Weak convergence in Bochner space and corresponding $L^p$ space

Question

I'm considering a sequence of functions $\{u_k\}$ which is defined on $\Omega\times(0,T)$ where $\Omega$ is a bounded domain with Lipschitz boundary.
Assume we now have a uniform bound that is
$$\sup_{t\in(0,T)}\{\lVert u_k(t)\rVert_{L^2(\Omega)}^2\}\leq M$$
where $M$ is a positive constant which does not depend on $k$ and $T$.
Then I think this means that for any time $t\in(0,T)$
$$\lVert u_k(t)\rVert_{L^2(\Omega)}^2\leq M,$$
so by reflexivity of $L^2$ space, for each time, we can find a weak limit (up to a subsequence but not relabel) say $u(t)$ i.e.
$$u_k(t)\rightharpoonup u(t)\mbox{ in }L^2(\Omega)\mbox{ for every }t\in(0,T).$$
Then I also think our uniform bound on $u_k$ implies that
$$\int_{0}^{T}\lVert u_k(t)\rVert_{L^2(\Omega)}^2dt\leq MT$$
which gives me a uniform bound in $L^2((0,T);L^2(\Omega))$. Then again by the reflexivity, we can have weak convergent subsequence, but still not relabel and name this weak limit $u^\prime$.
Hence we have that $$u_k\rightharpoonup u\mbox{ in }L^2(0,T;L^2(\Omega)).$$
Now I want to claim $u=u^\prime$ up to a set of zero measure in $\Omega\times(0,T)$.
Does my thought make sense or there is something wrong? Thank you for any reply!

Answer 1

The answer is no.
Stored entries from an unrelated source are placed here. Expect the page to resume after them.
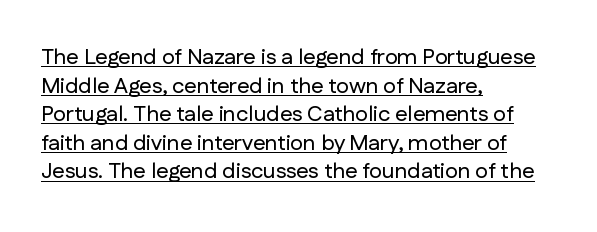
Does the lettering tilt? It doesn't — this is upright. Normally led — the rows are evenly, conventionally spaced. Characters follow at the spacing the type designer built in. The compositor pushed each line to the left boundary. This sample carries an underscore along the baseline area.
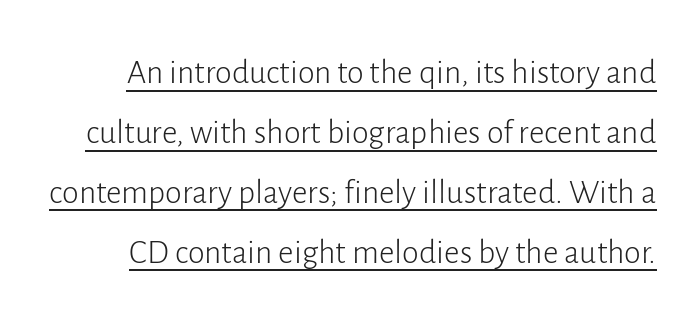
Q: Is the text bold? A: No.
Q: Is the text italic (slanted)? A: No, it is upright.
Q: Is the typeface a serif or a sans-serif typeface? A: Sans-serif.
Q: Is the text underlined? A: Yes.
Q: Is the spacing between letters normal or unusually wide? A: Normal.
Q: Width (condensed, normal, or wide)? A: Normal.
Q: Stroke contrast? A: Low.
Q: x-height? A: Medium.
Q: Monospaced? A: No.
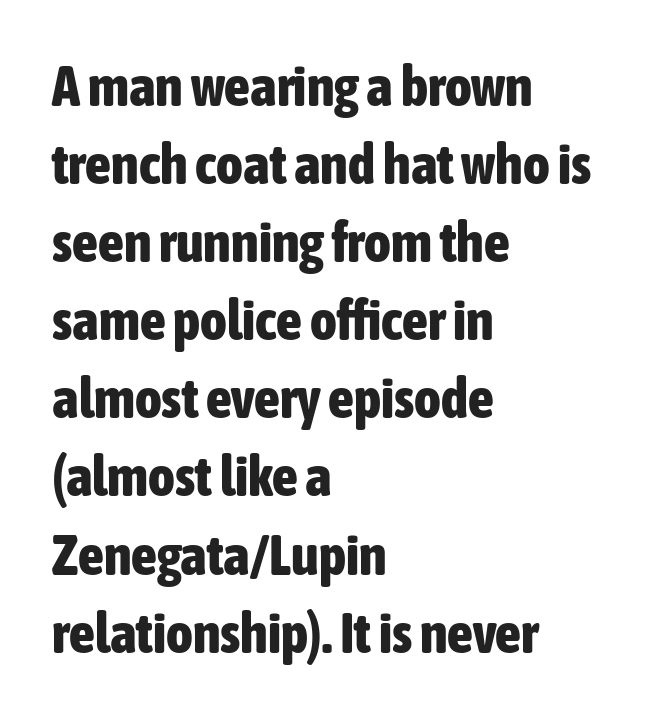
Notice how descenders clear the ascenders below comfortably — that's standard leading. The letters sit at their default tracking, neither squeezed nor spread. Quick note: underline off. As a designer I'd log this as weight 700, bold. These lines are rendered in a variable-pitch font. Line beginnings align vertically; line endings do not.
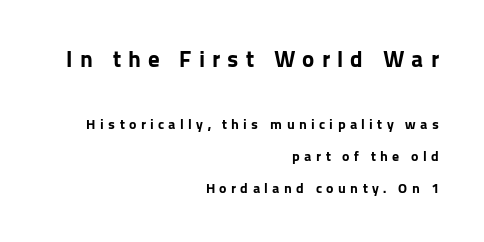
Q: Is the text bold? A: Yes.
Q: Is the text italic (slanted)? A: No, it is upright.
Q: Is the text underlined? A: No.
Q: How is the paragraph aligned? A: Right-aligned.
Q: Is the spacing between letters normal or unusually wide? A: Unusually wide.
Q: Is the spacing between lines tight, normal or loose? A: Loose.
Q: Which block of text is set in a larger size, the first (top) or the second (bottom)? A: The first (top) one.
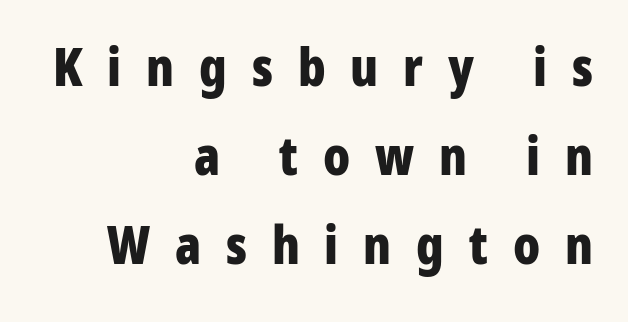
Q: Is the text bold? A: Yes.
Q: Is the text italic (slanted)? A: No, it is upright.
Q: Is the typeface a serif or a sans-serif typeface? A: Sans-serif.
Q: Is the text underlined? A: No.
Q: How is the paragraph aligned? A: Right-aligned.
Q: Is the spacing between letters normal or unusually wide? A: Unusually wide.
Q: Is the spacing between lines tight, normal or loose? A: Normal.
Q: Width (condensed, normal, or wide)? A: Condensed.
Q: Stroke contrast? A: Low.
Q: x-height? A: Medium.
Q: Monospaced? A: No.
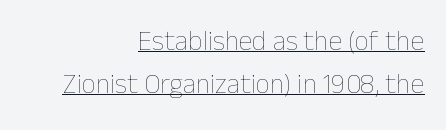
Q: Is the text bold? A: No.
Q: Is the text italic (slanted)? A: No, it is upright.
Q: Is the text underlined? A: Yes.
Q: How is the paragraph aligned? A: Right-aligned.
Q: Is the spacing between letters normal or unusually wide? A: Normal.
Q: Is the spacing between lines tight, normal or loose? A: Normal.
Q: Width (condensed, normal, or wide)? A: Normal.
Q: Stroke contrast? A: Low.
Q: x-height? A: Medium.
Q: Monospaced? A: No.
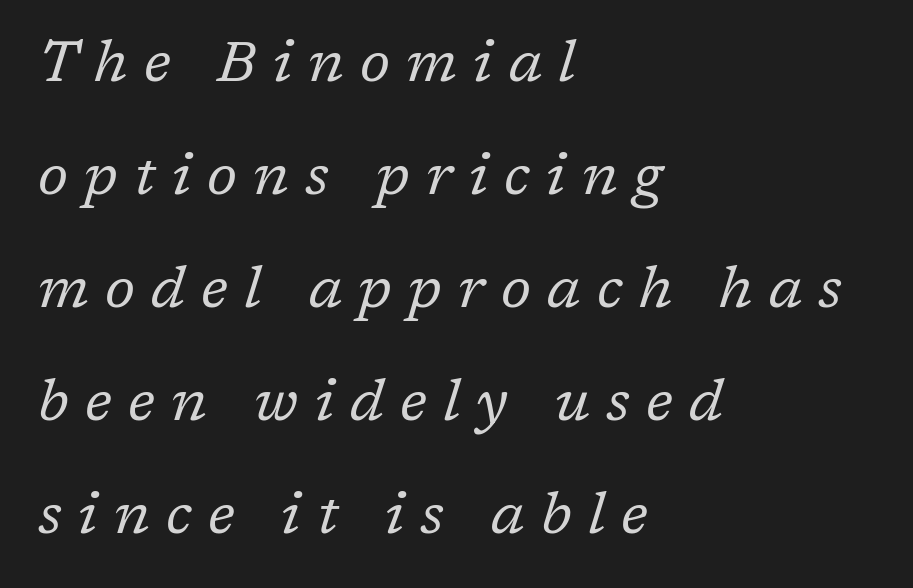
{"serif": "yes", "italic": "yes", "lean": "right", "slant_degrees": 17, "bold": "no", "weight": "regular", "width": "normal", "stroke_contrast": "low", "x_height": "medium", "monospaced": "no", "underline": "no", "align": "left", "line_spacing": "loose", "line_spacing_ratio": 1.95, "letter_spacing": "wide", "letter_spacing_em": 0.28, "glyph_px": 58}
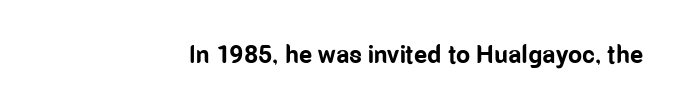
{"italic": "no", "bold": "yes", "underline": "no", "letter_spacing": "normal", "letter_spacing_em": 0.0, "glyph_px": 25}
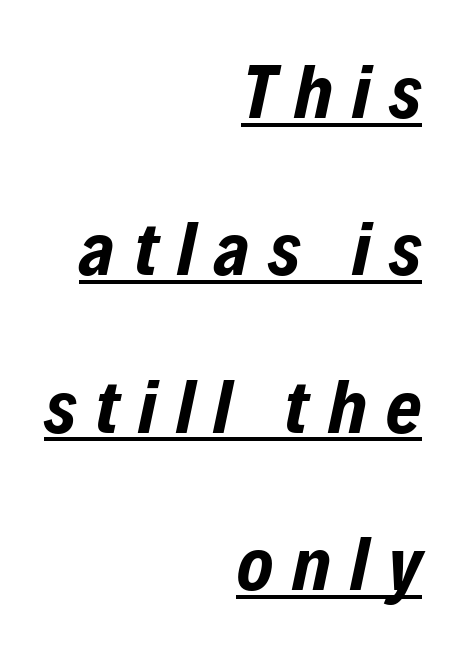
Q: Is the text bold? A: Yes.
Q: Is the text italic (slanted)? A: Yes, it leans right by about 12 degrees.
Q: Is the text underlined? A: Yes.
Q: How is the paragraph aligned? A: Right-aligned.
Q: Is the spacing between letters normal or unusually wide? A: Unusually wide.
Q: Is the spacing between lines tight, normal or loose? A: Loose.
Q: Width (condensed, normal, or wide)? A: Condensed.
Q: Stroke contrast? A: Low.
Q: x-height? A: Medium.
Q: Monospaced? A: No.
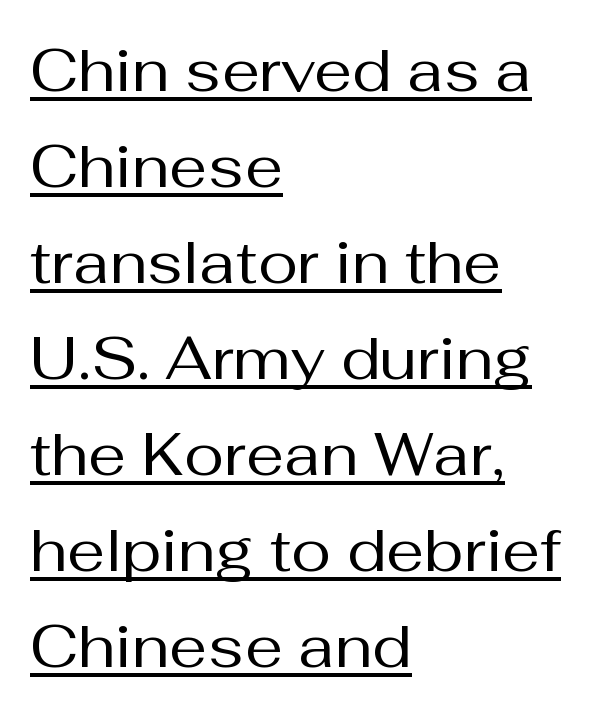
Q: Is the text bold? A: No.
Q: Is the text italic (slanted)? A: No, it is upright.
Q: Is the typeface a serif or a sans-serif typeface? A: Sans-serif.
Q: Is the text underlined? A: Yes.
Q: How is the paragraph aligned? A: Left-aligned.
Q: Is the spacing between letters normal or unusually wide? A: Normal.
Q: Is the spacing between lines tight, normal or loose? A: Normal.
Q: Width (condensed, normal, or wide)? A: Normal.
Q: Stroke contrast? A: Medium.
Q: x-height? A: Medium.
Q: Monospaced? A: No.
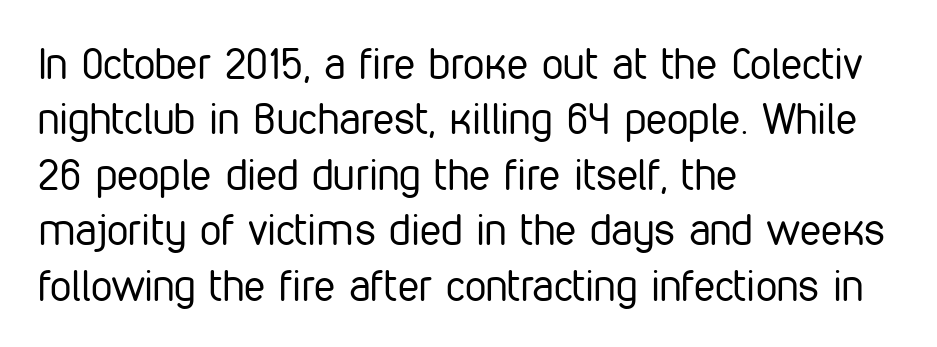
This rendering employs a face without finishing strokes, i.e., a sans-serif. This sample uses an upright cut, with every glyph sitting square on the baseline. The paragraph shown leans on its left margin. Words appear dense and cohesive because spacing is normal. Varying glyph widths throughout — classic text-font behaviour.
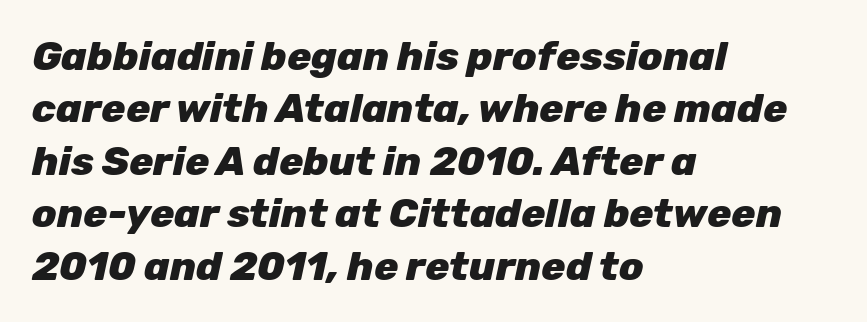
The image shows 40 px heavy type, italic (leaning right); set left-aligned, normal line spacing (1.31x), normal letter spacing, not underlined; low stroke contrast and a medium x-height.
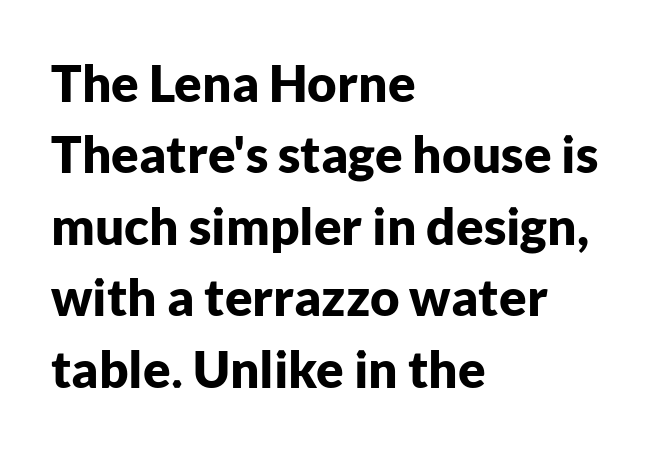
{"serif": "no", "italic": "no", "bold": "yes", "weight": "bold", "width": "normal", "stroke_contrast": "low", "x_height": "medium", "monospaced": "no", "underline": "no", "align": "left", "line_spacing": "normal", "line_spacing_ratio": 1.4, "letter_spacing": "normal", "letter_spacing_em": 0.0, "glyph_px": 51}
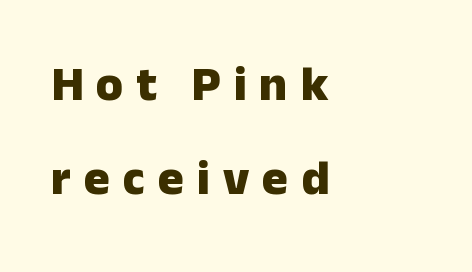
The sample has been set heavy, in full bold. Character widths vary here, with narrow letters taking less room than wide ones. Unlike italic type, these characters show no tilt at all. This is sans-serif lettering, the kind often seen on screens and signage. The passage shown stacks its lines with a broad gap.
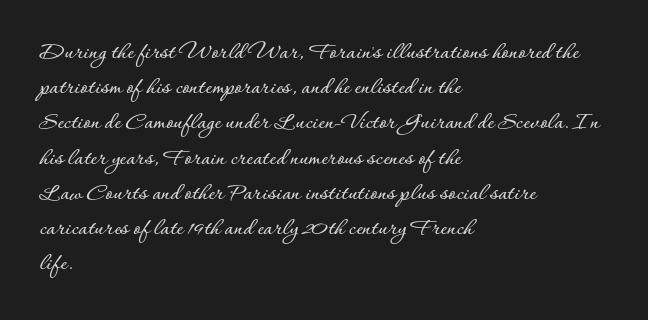
{"underline": "no", "align": "left", "line_spacing": "normal", "line_spacing_ratio": 1.41, "letter_spacing": "normal", "letter_spacing_em": 0.0, "glyph_px": 25}
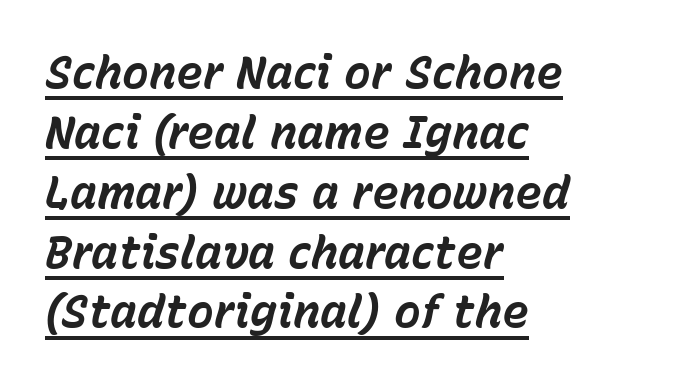
The image shows 45 px bold type, italic (leaning right); set left-aligned, normal line spacing (1.33x), normal letter spacing, underlined; low stroke contrast and a medium x-height.
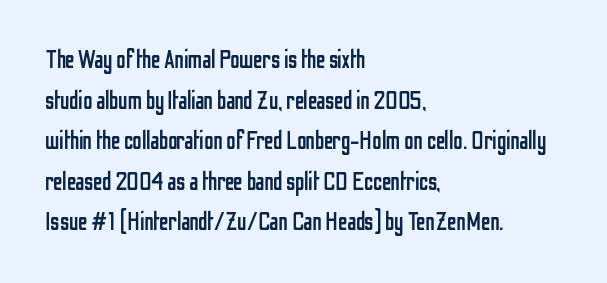
The image shows 26 px text type, upright; set left-aligned, normal line spacing (1.56x), normal letter spacing, not underlined.
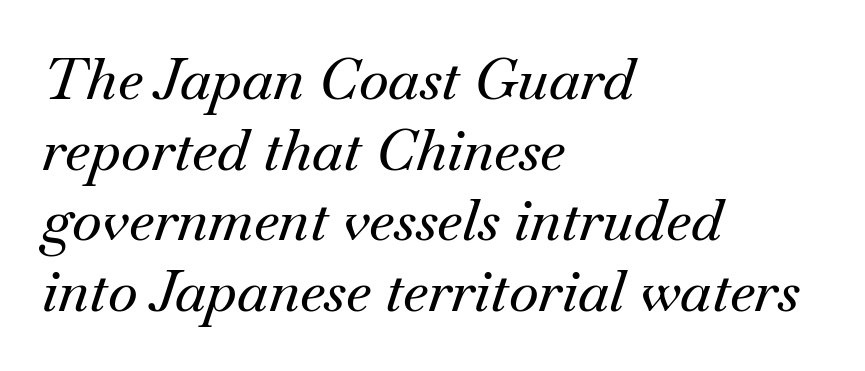
The compositor pushed each line to the left boundary. Yep, that's italic — everything's leaning. To sum up the face: it has serifs. The passage shown is typed in a proportional face where columns would drift.
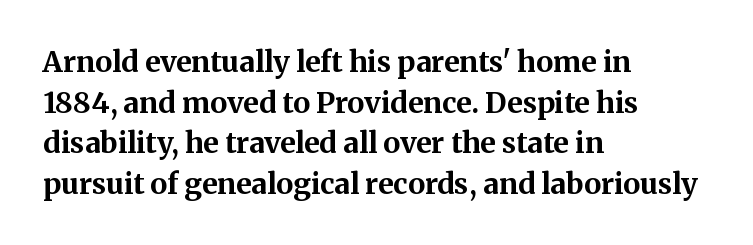
Q: Is the text bold? A: Yes.
Q: Is the text italic (slanted)? A: No, it is upright.
Q: Is the typeface a serif or a sans-serif typeface? A: Serif.
Q: Is the text underlined? A: No.
Q: How is the paragraph aligned? A: Left-aligned.
Q: Is the spacing between letters normal or unusually wide? A: Normal.
Q: Is the spacing between lines tight, normal or loose? A: Normal.
Q: Width (condensed, normal, or wide)? A: Normal.
Q: Stroke contrast? A: Medium.
Q: x-height? A: Medium.
Q: Monospaced? A: No.
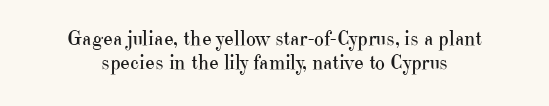
The image shows 21 px text type, upright; set centered, tight line spacing (1.14x), normal letter spacing, not underlined.
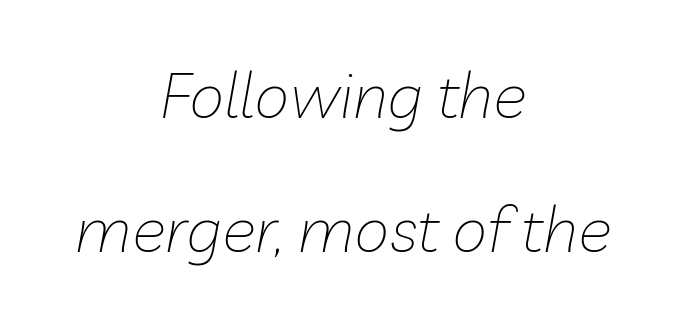
The image shows 64 px thin type, italic (leaning right); set centered, loose line spacing (2.09x), normal letter spacing, not underlined; low stroke contrast and a medium x-height.
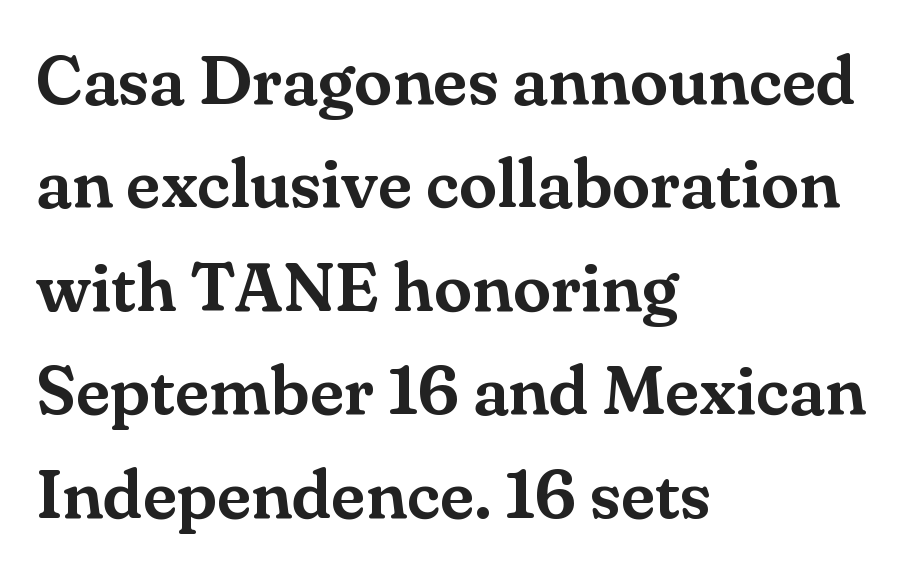
{"serif": "yes", "italic": "no", "width": "normal", "stroke_contrast": "medium", "x_height": "small", "monospaced": "no", "underline": "no", "align": "left", "line_spacing": "normal", "line_spacing_ratio": 1.5, "letter_spacing": "normal", "letter_spacing_em": 0.0, "glyph_px": 69}

For example let $\Omega=(0,1)$ and $u_{2k}(t,\omega)\equiv 1,\ u_{2k+1}(t,\omega)\equiv 0.$ Then for $0< t\le T/2 $ we choose the subsequence $u_{2k}$ which tends to $1.$ For $T/2<t<T$ we choose the subsequence $u_{2k+1}$ which tends to $0.$ Hence $$u(t,\omega)=\begin{cases} 1 & 0< t\le T/2\\ 0 & T/2<t< T \end{cases} $$ In the space $L^2((0,T)\times \Omega)$ we choose the subsequence $u_{2k},$ hence $u'(t,\omega)\equiv 1.$ Thus $u\neq u'.$

Remark The main obstacle is that in the first approach the choice of the subsequence depends on every single $t\in (0,T).$